The 1994 UST Growling Tigers men's basketball team represented University of Santo Tomas in the 57th season of the University Athletic Association of the Philippines. The men's basketball tournament for the school year 1994–95 began on July 16, 1994, and the host school for the season was National University.

UST finished third at the end of the double round-robin eliminations, winning eight games against four losses. Even as the Adamson Falcons were suspended for the year due to eligibility violations involving former UST high school player Marlou Aquino, the Tigers still found themselves struggling in the first round as they barely made it to fourth place in the standings with a 3–3 record. They managed to win four straight games in the next round, including a 68–66 win over the De La Salle Green Archers which prevented them from getting their own season sweep and an outright championship.

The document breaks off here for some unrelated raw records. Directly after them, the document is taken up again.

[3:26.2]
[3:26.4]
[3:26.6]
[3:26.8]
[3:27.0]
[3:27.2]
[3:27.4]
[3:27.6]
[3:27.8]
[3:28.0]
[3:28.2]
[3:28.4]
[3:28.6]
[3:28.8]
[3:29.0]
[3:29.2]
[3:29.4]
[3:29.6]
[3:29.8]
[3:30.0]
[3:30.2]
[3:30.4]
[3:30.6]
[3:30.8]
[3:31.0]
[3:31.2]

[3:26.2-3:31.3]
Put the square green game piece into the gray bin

They defeated the No. 2-ranked UE Red Warriors in two games of their Final Four pairing to overcome their twice-to-win disadvantage and advance to the Finals against La Salle. The Tigers yielded a 74–77 loss to the Archers in Game 1 of the best-of-three series, but were able to extend it to a third and deciding game after an 87–75 Game 2 victory. They had succeeded in defending the crown when they won in Game 3 by a single point at 77–76. The Tigers were able to wrest the lead from La Salle when Bal David converted both his free throws off a foul from the Archers' Elmer Lago with six seconds left. It was the team's first back-to-back title since winning a three peat from 1951 until 1953. They also helped to achieve the UAAP's first and only triple championship after their junior and women's team earlier won the titles in their respective divisions.

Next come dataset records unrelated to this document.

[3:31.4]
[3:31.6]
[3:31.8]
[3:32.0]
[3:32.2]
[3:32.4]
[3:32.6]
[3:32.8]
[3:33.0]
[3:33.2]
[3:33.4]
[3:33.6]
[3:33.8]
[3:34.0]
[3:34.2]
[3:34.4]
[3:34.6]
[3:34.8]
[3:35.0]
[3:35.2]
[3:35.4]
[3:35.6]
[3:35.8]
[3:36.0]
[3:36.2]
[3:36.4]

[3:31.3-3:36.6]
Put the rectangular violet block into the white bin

Dennis Espino, who had poured his frustration out of getting excluded from the Asian Games-bound national team into the Tigers' championship run was named season MVP for the second straight year. He was looking forward to representing the country and even had to drop 15 units of his college load and delay graduation just to be able to keep up with practices of both squads, but was then relegated as a reserve along with two amateur players after the Philippine Basketball Association allowed the inclusion of other professional players to the team.

Roster

Depth chart

Roster changes

Subtractions

Additions

Schedule and results

UAAP games 

Elimination games were played in a double round-robin format. All games were aired on RPN 9 by Silverstar Sports.

Postseason tournaments 

Notes

Awards

Players drafted into the PBA 
Dennis Espino was picked first overall in the 1995 PBA draft by the Nat Canson-led Sta. Lucia Realtors team on January 8, 1995. Edmund Reyes and Bal David also got selected in the same rookie draft, with Reyes earning a first-round seventh overall selection and David in the third round as the 22nd pick.